[Date Prev][Date Next][Thread Prev][Thread Next]
[Date Index]
[Thread Index]
- Subject: Re: LPeg support for utf-8
- From: Tony Finch <dot@...>
- Date: Mon, 4 Apr 2011 11:00:55 +0100
Roberto Ierusalimschy <roberto@inf.puc-rio.br> wrote:
>
> This is more ore less what I had in mind (specific names not
> withstanding). But still remains the question of whether each of these
> constructions (uS, uR, etc.) is really useful and whether there should
> be others.
I think the main thing that is difficult for an lpeg user to do and which
lpeg itself should do reasonably well is union and intersection on sets of
unicode code points encoded in UTF-8. Hence uS and uR being my first
suggestions.
At the moment lpeg optimizes certain pattern combinations into character
set operations. I wonder if the pattern optimizer is powerful enough to do
this efficiently for patterns that match UTF-8 encoded unicode character
sets, or if it needs some extra logic to optimize matches across sets of
the next 1-4 octets.
> For instance, would it be worth to support something like properties
> (using wctype)?
I didn't suggest this because I don't think standard APIs give you
convenient access to a unicode character properties table, which would
make it difficult to compile character property matches efficiently.
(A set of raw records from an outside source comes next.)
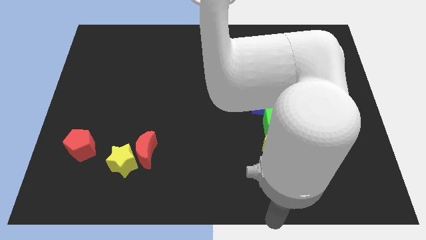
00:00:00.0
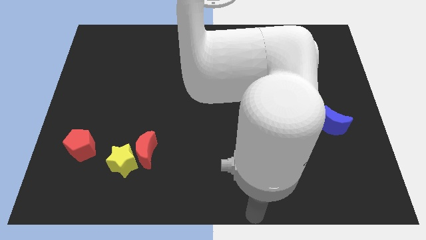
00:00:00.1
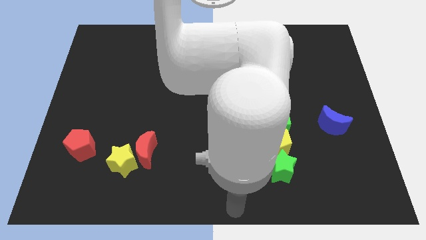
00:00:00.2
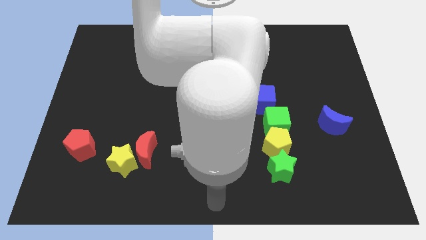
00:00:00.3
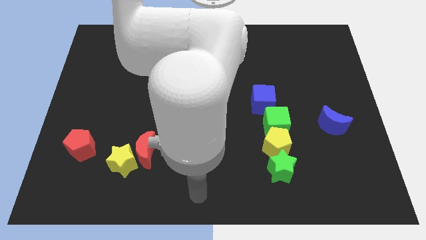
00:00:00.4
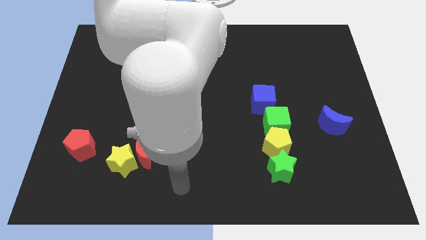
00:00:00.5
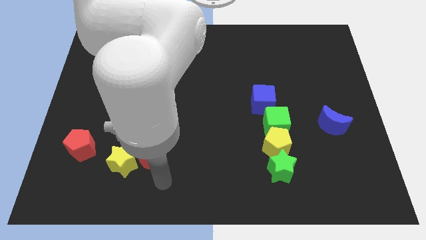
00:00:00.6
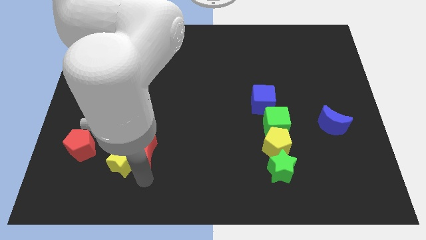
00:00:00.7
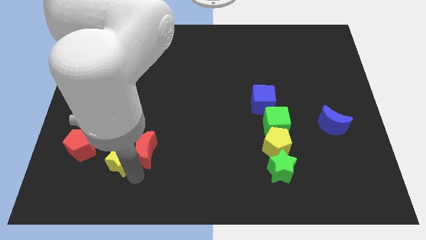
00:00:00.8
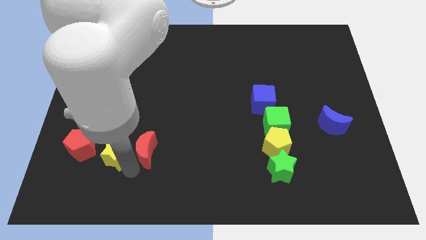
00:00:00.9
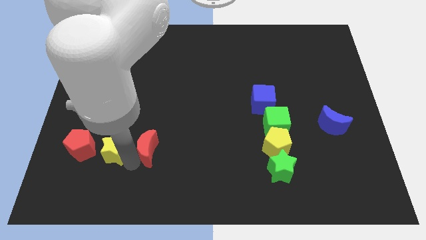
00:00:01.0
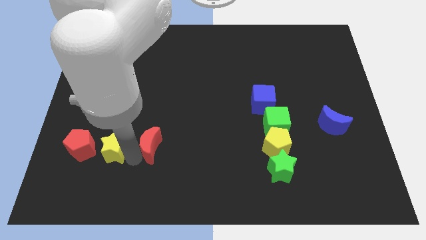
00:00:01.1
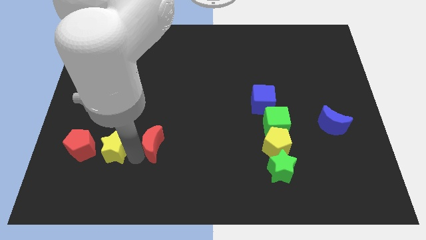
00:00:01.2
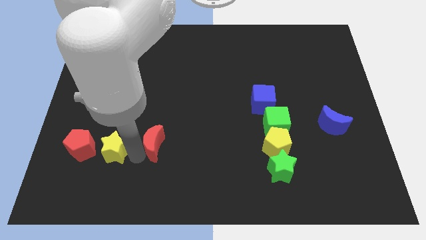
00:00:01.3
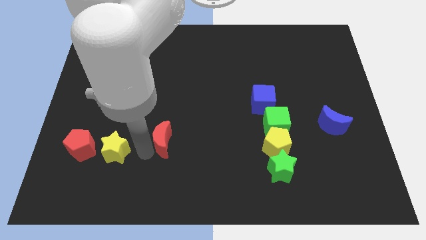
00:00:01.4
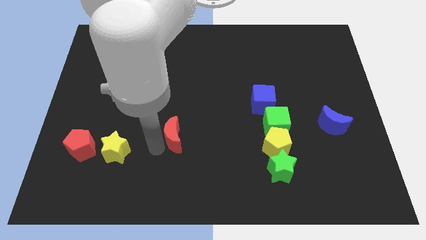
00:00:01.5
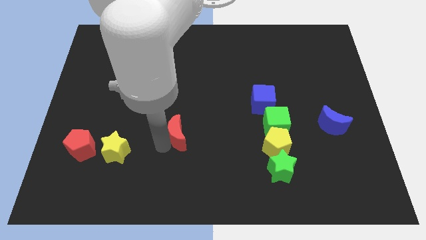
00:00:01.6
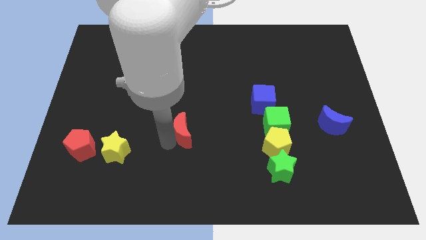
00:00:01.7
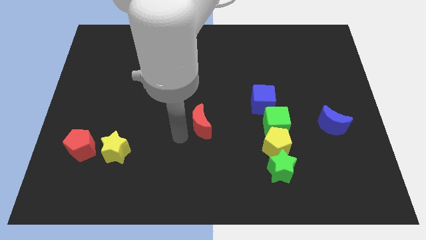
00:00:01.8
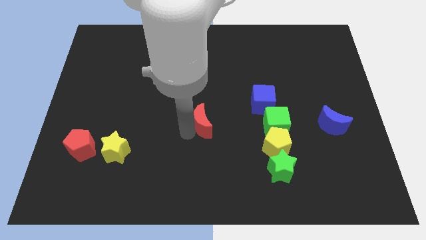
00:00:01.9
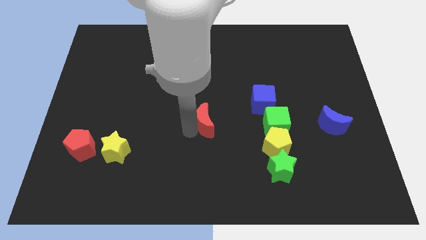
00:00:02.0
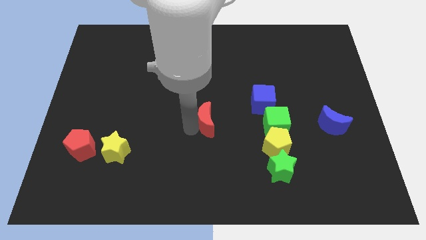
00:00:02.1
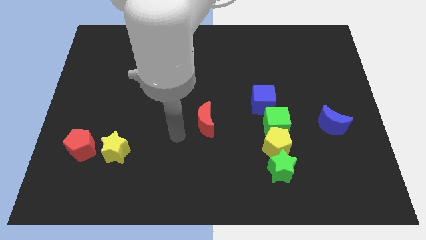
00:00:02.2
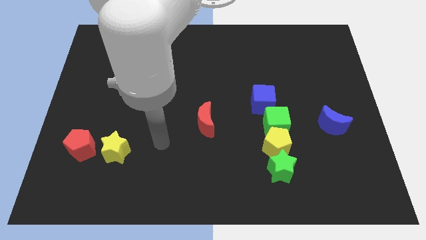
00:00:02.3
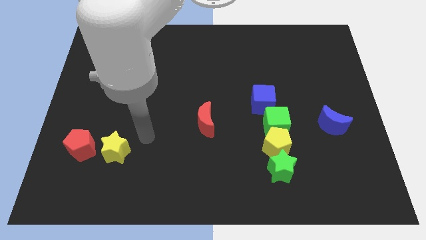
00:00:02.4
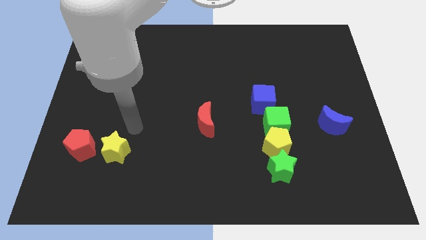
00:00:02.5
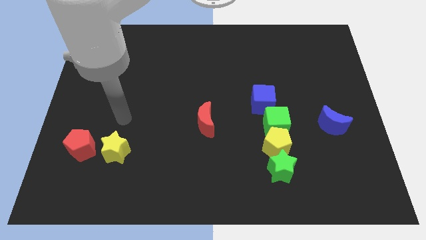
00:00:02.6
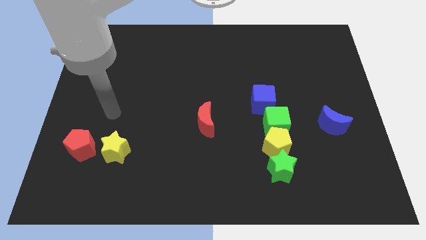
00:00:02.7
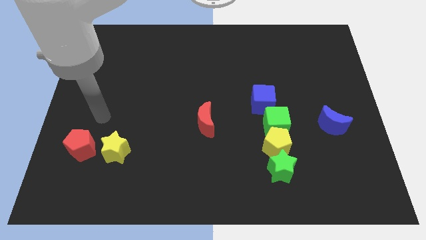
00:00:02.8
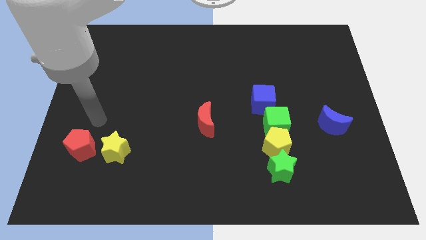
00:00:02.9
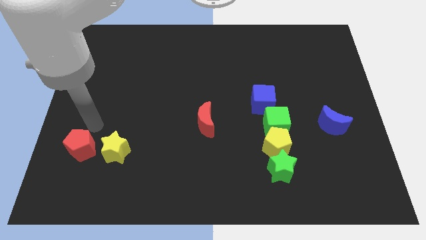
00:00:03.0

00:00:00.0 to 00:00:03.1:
slide red moon to the left of green cube

Perhaps lpeg could come with a separate sub-module containing patterns for
unicode properties - separated out for size reasons. PCRE's ucptable.c is
over 440 KiBytes source and compiles to 88.5 KiBytes data.
> Or a capture that matches one code point and catures its value?
Could be useful, yes.
Brief rant follows: One thing I really hate about the standards for UTF-8
is that they require applications to break (e.g. lose data or abort) when
they encounter an invalid code point. This is very very bad. It would be
much better if there were some code points reserved for invalid octets in
UTF-8 data, so that if an app were mistakenly given a binary data stream
or some slightly corrupt data or some ISO 8859 text, it could at least
pass it through unscathed. Bah.
Tony.
--
f.anthony.n.finch <dot@dotat.at> http://dotat.at/
South-east Iceland: Variable 4, becoming easterly or southeasterly, then
cyclonic 6 to gale 8, occasionally severe gale 9 later. Very rough or high.
Rain or squally showers. Moderate or good.